Each record below gets repeated exactly, and pictures stay out of the copy.

* **EXERCISE DATA**:
◆ ◆ ◆ ◆ ◆

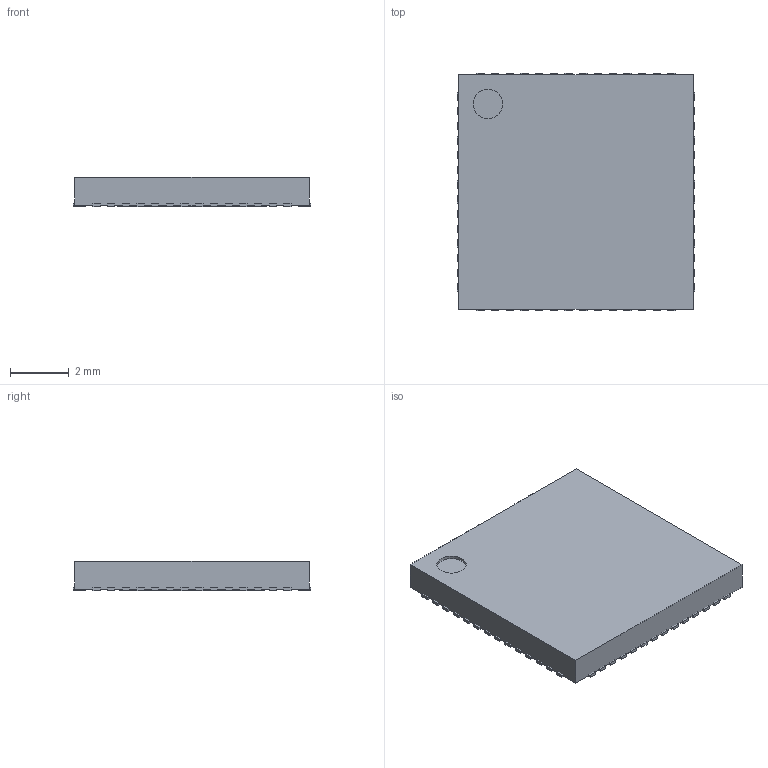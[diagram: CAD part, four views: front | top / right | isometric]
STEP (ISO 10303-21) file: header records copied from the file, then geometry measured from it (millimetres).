
FILE_DESCRIPTION(('FreeCAD Model'),'2;1');
FILE_NAME('2364253.1.1.stp','2020-04-11T01:20:11',( 'Author'),(''),'Open CASCADE STEP processor 6.9','FreeCAD','Unknown' );
FILE_SCHEMA(('AUTOMOTIVE_DESIGN { 1 0 10303 214 1 1 1 1 }'));
Length unit declared in the file: millimetre
Products named in the file (5): ASSEMBLY; Body; ThermalPin; PinsArrayLR; PinsArrayTB
Assembly tree (4 placements, depth 2):
  ASSEMBLY
    Body
    ThermalPin
    PinsArrayLR
    PinsArrayTB
Bounding box: 8.1 x 8.1 x 1 mm (x, y, z)
Volume: 63.8 mm3; surface area: 229.4 mm2
Topology: 58 solids, 58 shells, 350 faces, 699 edges, 466 vertices
Faces by surface type: plane 293, cylinder 57
Full cylindrical faces by diameter (mm): 1 x1
Entity records: 18728 total; most frequent: CARTESIAN_POINT 3254, DIRECTION 2865, LINE 1869, VECTOR 1869, ORIENTED_EDGE 1398, PCURVE 1398, DEFINITIONAL_REPRESENTATION 1398, EDGE_CURVE 699

◆ ◆ ◆ ◆ ◆

* **SOLUTION TO THE EXERCISE**:
[diagram: CAD part, four views: front | top / right | isometric]
STEP (ISO 10303-21) file: header records copied from the file, then geometry measured from it (millimetres).
FILE_DESCRIPTION(('FreeCAD Model'),'2;1');
FILE_NAME('2364253.1.1.stp','2020-04-11T01:20:11',( 'Author'),(''),'Open CASCADE STEP processor 6.9','FreeCAD','Unknown' );
FILE_SCHEMA(('AUTOMOTIVE_DESIGN { 1 0 10303 214 1 1 1 1 }'));
Length unit declared in the file: millimetre
Products named in the file (5): ASSEMBLY; Body; ThermalPin; PinsArrayLR; PinsArrayTB
Assembly tree (4 placements, depth 2):
  ASSEMBLY
    Body
    ThermalPin
    PinsArrayLR
    PinsArrayTB
Bounding box: 8.1 x 8.1 x 1 mm (x, y, z)
Volume: 63.8 mm3; surface area: 229.4 mm2
Topology: 58 solids, 58 shells, 350 faces, 699 edges, 466 vertices
Faces by surface type: plane 293, cylinder 57
Full cylindrical faces by diameter (mm): 1 x1
Entity records: 18728 total; most frequent: CARTESIAN_POINT 3254, DIRECTION 2865, LINE 1869, VECTOR 1869, ORIENTED_EDGE 1398, PCURVE 1398, DEFINITIONAL_REPRESENTATION 1398, EDGE_CURVE 699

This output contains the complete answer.